Architecture

An Art Museum Inspired By the Fields That Surround It

The new Manetti Shrem Art Museum at UC Davis reflects the landscape and history.

The patchwork of fields splayed out over California’s Central Valley was the inspiration for UC Davis’s Manetti Shrem Art Museum, opening this month after two years of construction. Behind its design is the Brooklyn-based firm SO-IL. It’s rare that a commission would have as much breathing room as the Shrem’s, a project that caught SO-IL’s attention with a contest back in 2012. The contractor, Whiting-Turner, along with Bohlin Cywinski Jackson, a more established firm with offices in California, completed the team.

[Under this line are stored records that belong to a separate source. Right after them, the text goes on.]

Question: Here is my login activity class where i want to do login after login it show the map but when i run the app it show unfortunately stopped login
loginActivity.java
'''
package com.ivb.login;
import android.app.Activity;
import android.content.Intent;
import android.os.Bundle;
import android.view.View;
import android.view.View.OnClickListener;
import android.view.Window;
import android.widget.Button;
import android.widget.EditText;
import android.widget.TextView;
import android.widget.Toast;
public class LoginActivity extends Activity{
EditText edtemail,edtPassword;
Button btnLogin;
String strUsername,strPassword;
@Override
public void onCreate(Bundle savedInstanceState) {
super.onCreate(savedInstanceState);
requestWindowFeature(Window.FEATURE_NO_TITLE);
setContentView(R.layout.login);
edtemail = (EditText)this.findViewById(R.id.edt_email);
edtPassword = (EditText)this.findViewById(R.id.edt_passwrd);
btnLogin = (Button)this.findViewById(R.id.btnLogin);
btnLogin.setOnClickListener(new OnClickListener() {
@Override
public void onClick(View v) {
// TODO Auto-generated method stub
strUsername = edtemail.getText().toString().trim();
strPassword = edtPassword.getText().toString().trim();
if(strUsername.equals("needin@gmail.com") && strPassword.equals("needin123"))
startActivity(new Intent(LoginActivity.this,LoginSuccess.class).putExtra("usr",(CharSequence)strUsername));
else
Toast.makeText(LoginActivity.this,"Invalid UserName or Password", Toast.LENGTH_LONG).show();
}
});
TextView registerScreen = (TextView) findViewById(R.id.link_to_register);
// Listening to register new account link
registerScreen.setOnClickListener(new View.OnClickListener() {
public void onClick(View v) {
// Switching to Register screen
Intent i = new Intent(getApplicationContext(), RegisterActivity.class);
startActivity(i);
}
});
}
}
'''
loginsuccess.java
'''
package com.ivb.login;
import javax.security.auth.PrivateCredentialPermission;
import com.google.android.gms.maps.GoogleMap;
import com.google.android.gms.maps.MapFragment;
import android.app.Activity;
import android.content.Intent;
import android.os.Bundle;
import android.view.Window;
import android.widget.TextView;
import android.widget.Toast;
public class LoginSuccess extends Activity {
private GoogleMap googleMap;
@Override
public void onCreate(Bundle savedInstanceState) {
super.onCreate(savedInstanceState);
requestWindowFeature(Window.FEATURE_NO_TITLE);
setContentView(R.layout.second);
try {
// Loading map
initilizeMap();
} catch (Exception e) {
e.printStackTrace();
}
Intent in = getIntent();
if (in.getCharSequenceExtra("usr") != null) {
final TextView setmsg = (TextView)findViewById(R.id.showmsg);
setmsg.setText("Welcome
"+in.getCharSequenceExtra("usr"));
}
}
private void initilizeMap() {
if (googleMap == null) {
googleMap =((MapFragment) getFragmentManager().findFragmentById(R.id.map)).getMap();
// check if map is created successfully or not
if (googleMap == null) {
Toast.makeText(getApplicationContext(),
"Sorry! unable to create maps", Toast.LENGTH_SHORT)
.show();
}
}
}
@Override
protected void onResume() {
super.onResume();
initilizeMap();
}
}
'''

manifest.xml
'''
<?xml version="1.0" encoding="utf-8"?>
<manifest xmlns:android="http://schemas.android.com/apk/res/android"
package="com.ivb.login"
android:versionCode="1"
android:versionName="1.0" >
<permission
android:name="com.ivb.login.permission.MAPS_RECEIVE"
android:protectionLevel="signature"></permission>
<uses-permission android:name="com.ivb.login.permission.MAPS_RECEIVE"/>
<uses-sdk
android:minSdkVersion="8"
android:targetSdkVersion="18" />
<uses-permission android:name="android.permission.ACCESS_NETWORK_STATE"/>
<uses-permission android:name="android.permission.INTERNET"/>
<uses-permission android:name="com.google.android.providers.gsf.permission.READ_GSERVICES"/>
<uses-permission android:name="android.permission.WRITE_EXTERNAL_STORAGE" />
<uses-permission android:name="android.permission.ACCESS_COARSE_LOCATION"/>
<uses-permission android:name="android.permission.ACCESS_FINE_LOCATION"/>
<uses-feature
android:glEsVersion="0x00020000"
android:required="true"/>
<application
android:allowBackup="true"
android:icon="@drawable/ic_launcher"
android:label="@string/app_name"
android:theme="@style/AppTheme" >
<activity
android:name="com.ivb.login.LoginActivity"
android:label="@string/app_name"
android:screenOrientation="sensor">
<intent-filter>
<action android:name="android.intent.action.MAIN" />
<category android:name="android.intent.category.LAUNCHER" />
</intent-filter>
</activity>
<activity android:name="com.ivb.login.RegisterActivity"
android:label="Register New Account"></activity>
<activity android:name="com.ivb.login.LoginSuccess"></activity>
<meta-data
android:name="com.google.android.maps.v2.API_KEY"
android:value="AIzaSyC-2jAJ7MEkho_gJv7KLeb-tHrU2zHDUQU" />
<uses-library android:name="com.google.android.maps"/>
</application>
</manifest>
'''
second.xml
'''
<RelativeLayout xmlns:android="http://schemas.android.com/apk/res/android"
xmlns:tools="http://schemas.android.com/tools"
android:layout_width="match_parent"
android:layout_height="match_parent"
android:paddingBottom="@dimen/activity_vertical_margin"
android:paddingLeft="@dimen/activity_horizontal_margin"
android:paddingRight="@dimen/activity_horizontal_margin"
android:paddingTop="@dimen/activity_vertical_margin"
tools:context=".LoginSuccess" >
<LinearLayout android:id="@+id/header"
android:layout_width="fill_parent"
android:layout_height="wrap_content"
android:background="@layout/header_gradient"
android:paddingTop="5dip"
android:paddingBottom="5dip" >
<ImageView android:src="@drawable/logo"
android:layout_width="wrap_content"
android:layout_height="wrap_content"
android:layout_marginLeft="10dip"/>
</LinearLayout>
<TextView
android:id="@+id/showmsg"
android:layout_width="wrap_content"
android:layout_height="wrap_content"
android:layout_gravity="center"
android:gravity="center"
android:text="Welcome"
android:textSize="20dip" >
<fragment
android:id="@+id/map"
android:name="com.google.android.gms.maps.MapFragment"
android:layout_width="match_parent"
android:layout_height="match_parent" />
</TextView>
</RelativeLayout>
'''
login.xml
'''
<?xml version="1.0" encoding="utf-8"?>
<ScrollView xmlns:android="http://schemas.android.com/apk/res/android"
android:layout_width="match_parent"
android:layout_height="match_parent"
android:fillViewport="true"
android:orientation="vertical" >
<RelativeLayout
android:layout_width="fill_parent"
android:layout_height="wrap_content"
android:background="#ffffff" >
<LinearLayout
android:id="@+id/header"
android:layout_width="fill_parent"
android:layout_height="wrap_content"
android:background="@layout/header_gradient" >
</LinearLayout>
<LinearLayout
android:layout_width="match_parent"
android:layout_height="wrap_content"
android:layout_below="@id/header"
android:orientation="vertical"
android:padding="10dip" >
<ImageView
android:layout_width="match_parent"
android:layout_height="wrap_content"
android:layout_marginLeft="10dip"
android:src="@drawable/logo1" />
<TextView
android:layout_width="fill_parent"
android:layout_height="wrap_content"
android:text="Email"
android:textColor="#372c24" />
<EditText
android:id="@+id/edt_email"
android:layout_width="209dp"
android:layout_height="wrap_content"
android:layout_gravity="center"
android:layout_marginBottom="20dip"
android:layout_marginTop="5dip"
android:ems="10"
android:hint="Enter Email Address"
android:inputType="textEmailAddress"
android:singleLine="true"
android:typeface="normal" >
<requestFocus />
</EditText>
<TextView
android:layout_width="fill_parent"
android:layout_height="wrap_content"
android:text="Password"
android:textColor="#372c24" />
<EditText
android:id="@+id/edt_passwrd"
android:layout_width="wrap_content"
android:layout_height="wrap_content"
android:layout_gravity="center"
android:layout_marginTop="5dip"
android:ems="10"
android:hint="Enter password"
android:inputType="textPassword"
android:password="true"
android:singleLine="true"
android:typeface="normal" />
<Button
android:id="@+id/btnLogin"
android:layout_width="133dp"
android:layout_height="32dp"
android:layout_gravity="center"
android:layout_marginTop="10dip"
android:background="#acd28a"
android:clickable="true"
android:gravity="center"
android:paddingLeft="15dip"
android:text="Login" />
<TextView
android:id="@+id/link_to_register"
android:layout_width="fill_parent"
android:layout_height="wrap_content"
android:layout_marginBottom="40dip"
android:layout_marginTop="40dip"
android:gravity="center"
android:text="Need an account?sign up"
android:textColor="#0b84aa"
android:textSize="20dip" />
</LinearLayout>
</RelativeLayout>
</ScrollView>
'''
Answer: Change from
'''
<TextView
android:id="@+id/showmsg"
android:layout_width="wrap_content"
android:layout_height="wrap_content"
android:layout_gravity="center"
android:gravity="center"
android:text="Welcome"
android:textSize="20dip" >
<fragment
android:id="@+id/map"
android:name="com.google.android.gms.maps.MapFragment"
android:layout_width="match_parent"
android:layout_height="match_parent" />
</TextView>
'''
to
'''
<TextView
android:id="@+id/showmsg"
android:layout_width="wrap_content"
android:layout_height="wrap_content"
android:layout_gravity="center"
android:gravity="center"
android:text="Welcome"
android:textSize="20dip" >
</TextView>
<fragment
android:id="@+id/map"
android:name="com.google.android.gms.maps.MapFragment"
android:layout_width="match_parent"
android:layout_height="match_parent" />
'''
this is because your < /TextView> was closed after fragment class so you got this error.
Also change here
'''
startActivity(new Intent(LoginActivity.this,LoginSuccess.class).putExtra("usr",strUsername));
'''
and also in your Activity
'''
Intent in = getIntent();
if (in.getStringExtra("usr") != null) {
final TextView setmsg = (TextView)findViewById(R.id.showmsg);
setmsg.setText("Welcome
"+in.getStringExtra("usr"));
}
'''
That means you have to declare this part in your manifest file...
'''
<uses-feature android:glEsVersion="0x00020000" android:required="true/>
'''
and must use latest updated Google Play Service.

It wasn’t long before passersby in the valley could see the structure’s sweeping aluminum canopy take shape, hovering above the landscape.

Today, it contains the art museum, as well as classrooms, workshops, and exhibition spaces. Perforations in the canopy—arranged in a grid that echoes the surrounding terrain—allow shifting rectangular patterns of light to shed on a plaza out front. “The light and shadow enhance the sense of place, the notion of being part of the environment,” says SO-IL partner Florian Idenburg. “It’s a clear space on campus for students to enjoy.” Adding to this, the building’s outermost walls slate floor-to-ceiling stretches of glass between slabs of textured concrete. The effect, overall, is meant to evoke the open-minded spirit of the art department’s beginnings in the 1960s. It instituted a multidisciplinary approach from the start—an especially notable move at the time, considering the school was best known for its agriculture program.